Es handelt sich bei dieser typisch älplerischen Krankheit um eine Form des Stockholmsyndroms. Nach einer gewissen Gefangenschaftsdauer im Bergpanaroma bringt man dem Grauen aus verstimmtem Blechgebläse, über Schmalzbrote figlnden Ziehharmonikas, im Zweivierteltakt bergwärts juchazaten 6er-Sesselliften, durch den Berg getriebenen Stadtzentrumsumfahrungen mit dem Schneewalzer in der 500 Watt starken Autoanlage und Ötzi-Techno auf der Bergstation positive emotionale Gefühle entgegen. Trink ma nu a Schnapsei. Das ist Heimat. Die Berge. Tirol. Im Zweifi lei auf’s Konto schaugn. Bärig!
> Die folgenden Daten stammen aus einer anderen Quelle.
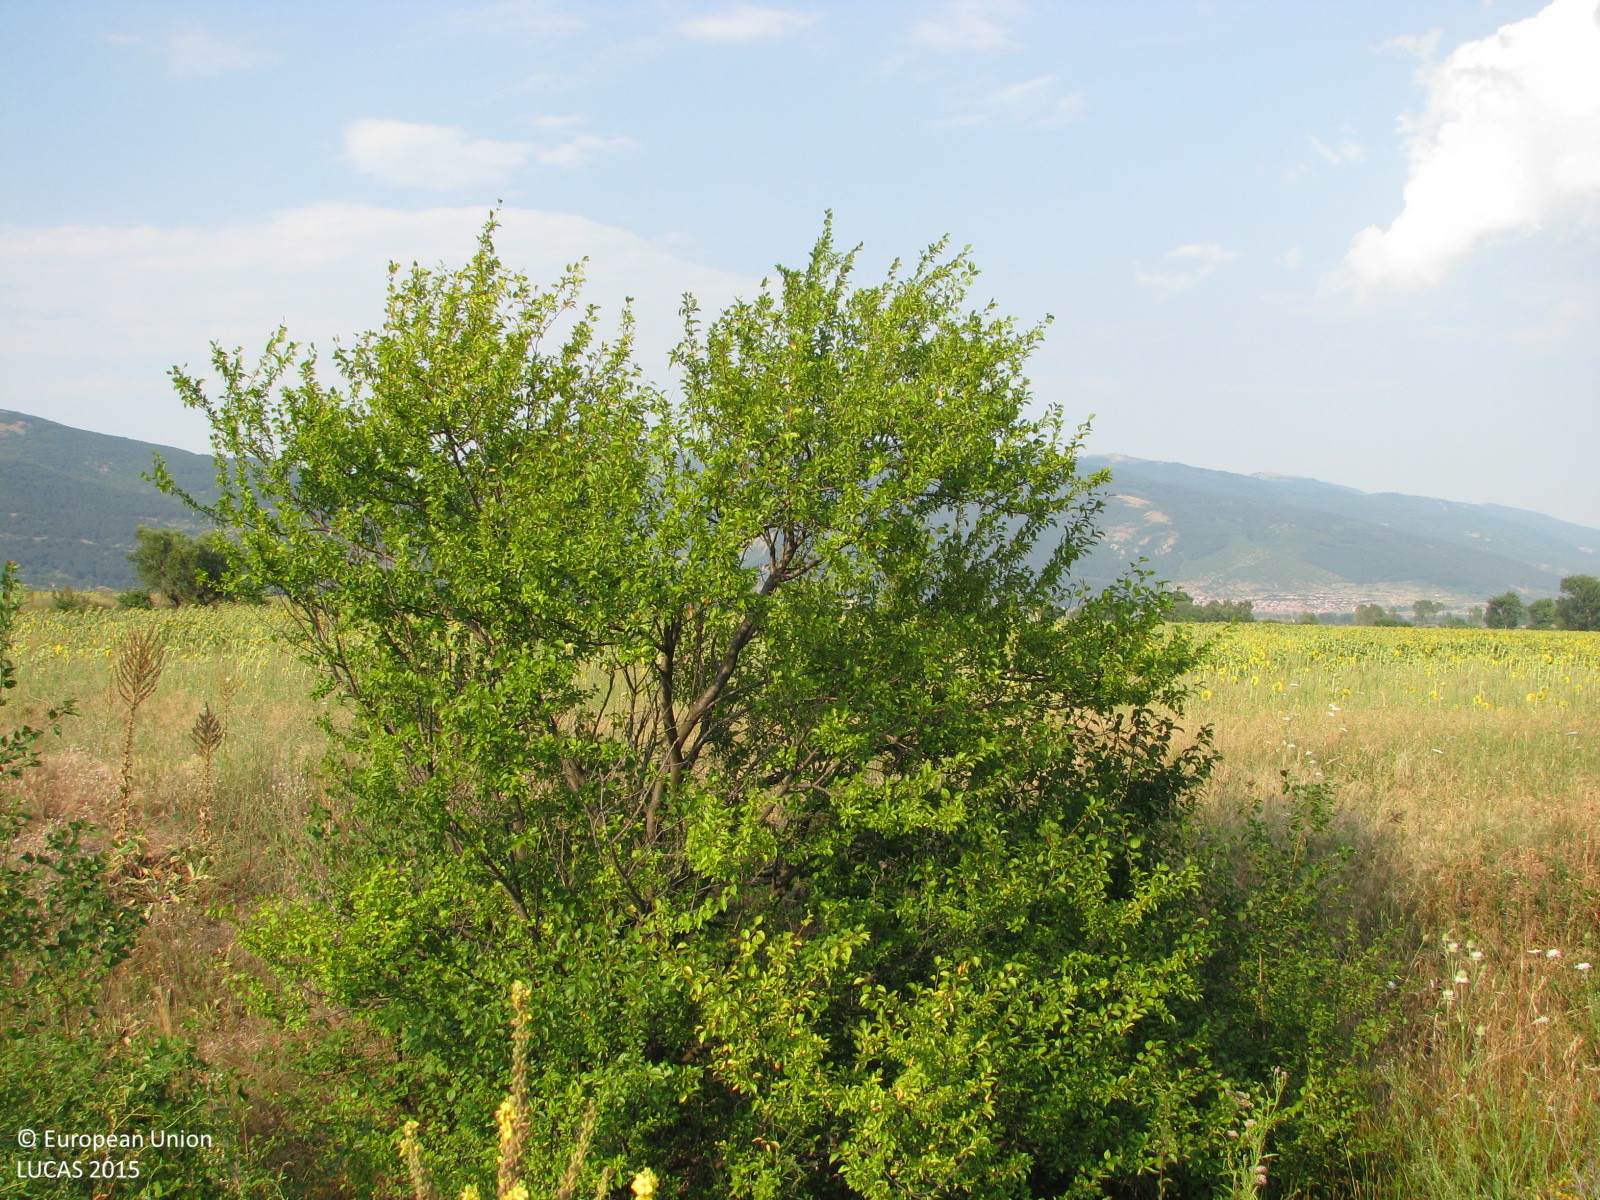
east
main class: Cropland
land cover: Common wheat
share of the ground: > 75 %
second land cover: Spontaneously vegetated surfaces
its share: 10 - 25 %
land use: Agriculture (excluding fallow land and kitchen gardens)
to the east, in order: Common wheat; Spontaneously vegetated surfaces; Grass margins; Single bushes/trees; Ditches and canals; Grass margins; Tracks; Sunflower
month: July
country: BG
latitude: 42.6809
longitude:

Starke Gefühle zur Jausenzeit

Hansi Hinterseer steht in der Wiener Stadthalle und breitet die Arme aus. Er mag die Leute. Das merkt man. Der Saal geht bei seinen als Konzerte getarnten Großraumhüttenabenden zwar nicht durch die Decke, wie man sagt. Eher schon sitzt man wegen dem Kreuz in Decken in der Halle. Aber einige Leuchtwürste und 20 wagemutige junge Leute, die irgendwann nach vorn zur Bühne stürmen ("Ihr gfreits eich scho aufs Tanz’n, ha?!"), sorgen dann doch noch für starke Gefühle zur nachmittäglichen Jausenzeit.

Gerade hat Hansi Hinterseer seinen heimatliebenden Teil in modischer Lederhose und mit sehr wahrscheinlich live gespielter Ziehharmonika hinter sich gebracht. Die Berge. Die Perle. Tirol. Komm in die Berge. Hier in den Bergen. Die schönen Berge. Alpenglühen, Edelweiss, Schneekanone. Gesicherter Skibetrieb bis Saisonende. Dieses Zeug. Gute Sache, wenn man entsprechend veranlagt ist. Hansi Hinterseer mag also das Land, trotzdem er die Leute kennt. Er ist zweifellos ein sympathischer Mensch.

In den 1970er-Jahren diente er der Gesellschaft und seinem Tirol mittels der Teilnahme an Skiweltcup-Rennen. Er ist neben Franz Klammer oder Karl Schranz dafür verantwortlich, dass unsere Heimat wieder etwas gilt in der Welt, weil auf den Fußball kannst du dich sowieso nie verlassen.

Foto: Gruber

Leider wedelt Hansi mit seinen 62 Jahren heute nicht mehr selbst auf der Bühne auf einem Laufband, während er irgendwas mit zwei Brettln und g’führigem Schnee oder so in exakt kein Mikrofon singt. Dafür singen die zwei bärigen Dirndln, von denen eine sogar nicht aus Tirol, sondern aus Oberösterreich "herkemmt", zu einem für eine Umziehpause genutzten Wedelvideo mit Hinterseer als Star: "Hansi, lass es tusch’n!"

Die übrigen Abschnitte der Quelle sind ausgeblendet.